What are the trends in the hot water circulatory pump market? Could you talk us through the stressors influencing the pumps sub-industry?
There is a great deal of innovation in the market with respect to fluid flow applications in the built community, and that can be seen in both new and existing building stock. What’s really interesting is the arrival of digitalization as a way to build digital twins for both optimization and condition-based maintenance. An incredible amount of technology can be integrated into fluid flow devices, even the smaller circulators. This means all types and sizes of these devices can have IP addresses and can support wi-fi communications, along with the traditional control and communications connections. This shift to digitalize and connect all aspects of a system has changed and will continue to change industry thinking. The performance and efficiency challenge for building operators is no longer about how to make any one mechanical piece of equipment marginally more efficient from a mechanical approach. Now, it’s about making the entire system and surrounding networks perform better.
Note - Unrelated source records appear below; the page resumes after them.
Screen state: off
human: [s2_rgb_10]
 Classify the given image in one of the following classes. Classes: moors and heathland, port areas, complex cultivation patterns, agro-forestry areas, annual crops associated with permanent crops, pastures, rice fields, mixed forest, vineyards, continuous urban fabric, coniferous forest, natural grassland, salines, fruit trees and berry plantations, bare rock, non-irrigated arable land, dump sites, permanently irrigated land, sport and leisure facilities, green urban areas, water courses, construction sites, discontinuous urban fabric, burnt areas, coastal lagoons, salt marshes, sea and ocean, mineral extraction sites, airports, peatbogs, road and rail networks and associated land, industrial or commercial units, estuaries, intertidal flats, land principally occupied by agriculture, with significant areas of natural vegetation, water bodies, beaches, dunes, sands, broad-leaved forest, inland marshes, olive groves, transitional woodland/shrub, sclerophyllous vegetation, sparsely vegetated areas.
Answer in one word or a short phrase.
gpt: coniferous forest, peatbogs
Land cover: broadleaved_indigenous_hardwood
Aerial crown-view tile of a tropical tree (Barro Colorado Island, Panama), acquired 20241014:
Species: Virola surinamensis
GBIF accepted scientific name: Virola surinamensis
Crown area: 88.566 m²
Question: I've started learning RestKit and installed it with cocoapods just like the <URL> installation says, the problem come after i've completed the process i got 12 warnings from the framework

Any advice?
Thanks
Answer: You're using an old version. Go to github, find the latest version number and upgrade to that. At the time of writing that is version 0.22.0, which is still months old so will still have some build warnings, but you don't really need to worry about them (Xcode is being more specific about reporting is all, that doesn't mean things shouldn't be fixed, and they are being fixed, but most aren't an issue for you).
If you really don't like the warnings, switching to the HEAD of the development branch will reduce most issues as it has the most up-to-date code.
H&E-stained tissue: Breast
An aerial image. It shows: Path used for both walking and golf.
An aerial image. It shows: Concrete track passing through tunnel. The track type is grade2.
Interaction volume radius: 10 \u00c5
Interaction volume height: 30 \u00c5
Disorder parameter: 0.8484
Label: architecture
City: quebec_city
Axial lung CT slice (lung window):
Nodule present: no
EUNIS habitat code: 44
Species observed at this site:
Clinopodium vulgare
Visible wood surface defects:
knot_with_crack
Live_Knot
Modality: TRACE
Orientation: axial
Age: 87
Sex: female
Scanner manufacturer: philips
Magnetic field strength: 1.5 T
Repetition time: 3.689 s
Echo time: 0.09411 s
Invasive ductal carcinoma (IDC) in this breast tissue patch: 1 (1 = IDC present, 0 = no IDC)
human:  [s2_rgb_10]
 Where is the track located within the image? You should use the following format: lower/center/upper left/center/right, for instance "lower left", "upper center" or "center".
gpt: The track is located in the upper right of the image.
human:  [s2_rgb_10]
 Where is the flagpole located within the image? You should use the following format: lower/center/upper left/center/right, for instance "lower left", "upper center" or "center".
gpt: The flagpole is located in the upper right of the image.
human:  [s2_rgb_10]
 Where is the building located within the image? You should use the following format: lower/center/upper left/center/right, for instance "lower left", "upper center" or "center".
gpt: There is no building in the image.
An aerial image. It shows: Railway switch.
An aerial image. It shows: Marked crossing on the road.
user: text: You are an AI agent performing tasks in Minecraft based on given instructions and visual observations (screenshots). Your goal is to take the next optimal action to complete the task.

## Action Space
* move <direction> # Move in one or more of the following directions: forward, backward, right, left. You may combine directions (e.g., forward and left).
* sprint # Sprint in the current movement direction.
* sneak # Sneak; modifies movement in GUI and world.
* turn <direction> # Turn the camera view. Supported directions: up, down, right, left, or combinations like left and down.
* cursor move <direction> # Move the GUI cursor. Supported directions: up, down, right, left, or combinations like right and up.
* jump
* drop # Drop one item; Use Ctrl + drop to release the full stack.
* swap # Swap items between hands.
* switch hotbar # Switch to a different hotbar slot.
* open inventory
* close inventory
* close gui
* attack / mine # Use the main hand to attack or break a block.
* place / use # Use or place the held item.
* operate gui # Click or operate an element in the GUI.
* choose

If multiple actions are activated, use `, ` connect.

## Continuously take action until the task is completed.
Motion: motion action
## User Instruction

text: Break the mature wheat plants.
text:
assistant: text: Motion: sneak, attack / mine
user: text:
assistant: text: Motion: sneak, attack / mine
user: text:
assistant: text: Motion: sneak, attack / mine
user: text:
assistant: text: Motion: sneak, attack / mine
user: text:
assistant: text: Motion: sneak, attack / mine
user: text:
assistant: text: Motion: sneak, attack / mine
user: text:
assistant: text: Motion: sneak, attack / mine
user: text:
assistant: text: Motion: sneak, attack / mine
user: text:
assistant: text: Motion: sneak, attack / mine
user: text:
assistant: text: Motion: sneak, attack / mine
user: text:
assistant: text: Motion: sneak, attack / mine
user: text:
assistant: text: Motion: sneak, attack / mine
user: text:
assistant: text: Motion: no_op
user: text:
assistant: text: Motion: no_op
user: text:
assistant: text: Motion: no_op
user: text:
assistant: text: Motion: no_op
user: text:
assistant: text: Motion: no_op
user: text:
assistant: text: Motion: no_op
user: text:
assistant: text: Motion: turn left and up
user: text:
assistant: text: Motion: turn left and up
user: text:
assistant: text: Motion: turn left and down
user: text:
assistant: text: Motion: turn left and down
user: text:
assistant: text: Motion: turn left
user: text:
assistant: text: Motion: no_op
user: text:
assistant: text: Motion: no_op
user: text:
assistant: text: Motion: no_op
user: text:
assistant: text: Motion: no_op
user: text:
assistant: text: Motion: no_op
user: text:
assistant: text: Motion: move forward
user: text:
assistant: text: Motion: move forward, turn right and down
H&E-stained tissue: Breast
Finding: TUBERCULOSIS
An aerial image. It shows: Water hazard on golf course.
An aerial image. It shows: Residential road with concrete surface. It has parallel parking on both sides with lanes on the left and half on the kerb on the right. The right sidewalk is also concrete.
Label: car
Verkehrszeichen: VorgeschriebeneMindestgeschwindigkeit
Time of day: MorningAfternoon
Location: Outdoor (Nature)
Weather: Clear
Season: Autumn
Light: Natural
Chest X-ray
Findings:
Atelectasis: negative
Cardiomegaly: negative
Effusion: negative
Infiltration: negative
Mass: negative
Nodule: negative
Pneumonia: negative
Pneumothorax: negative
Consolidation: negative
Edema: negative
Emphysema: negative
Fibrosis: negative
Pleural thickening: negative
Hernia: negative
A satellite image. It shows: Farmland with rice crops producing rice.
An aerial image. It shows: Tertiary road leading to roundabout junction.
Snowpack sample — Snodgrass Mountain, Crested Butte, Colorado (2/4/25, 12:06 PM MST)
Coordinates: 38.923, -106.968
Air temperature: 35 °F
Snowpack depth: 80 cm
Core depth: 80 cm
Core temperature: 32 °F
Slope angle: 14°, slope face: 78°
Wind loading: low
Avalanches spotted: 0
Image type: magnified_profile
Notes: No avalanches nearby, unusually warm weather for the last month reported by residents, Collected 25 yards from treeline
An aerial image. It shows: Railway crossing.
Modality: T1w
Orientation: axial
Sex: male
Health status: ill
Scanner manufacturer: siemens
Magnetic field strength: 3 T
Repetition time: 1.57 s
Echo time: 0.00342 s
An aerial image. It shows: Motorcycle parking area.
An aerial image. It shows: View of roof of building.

In both comfort systems and process systems, information technology takes us light years ahead of traditional setpoint control. With respect to the challenges that every business is facing from the global COVID-19 experience, building operators are opting for more remote management capabilities and intelligent systems. That’s leading to demand in a different but related area. intelligent, connected systems with data-tracking functions can quickly accumulate staggering amounts of raw data. With all of the new information sources in a building, problems around data overload become apparent very quickly.
So, what we’re seeing recently is a marked increase in the number of building operators who are asking for informative insights that will help them with decision-making. You asked specifically about pumps. A good example of data versus insights would be the vibration data that can be obtained from a pump. The operator really doesn’t know what good or bad vibration data looks like. However, advanced systems with diagnostic capabilities can analyze mountains of vibration data and detect a trend more easily. The system can alert an operator if the vibration data is indicating a degradation of the motor bearings, a blocked strainer or pump cavitation. The more sophisticated systems can even indicate the degree of urgency, to tell an operator whether an issue needs attention today, or inspection within a month.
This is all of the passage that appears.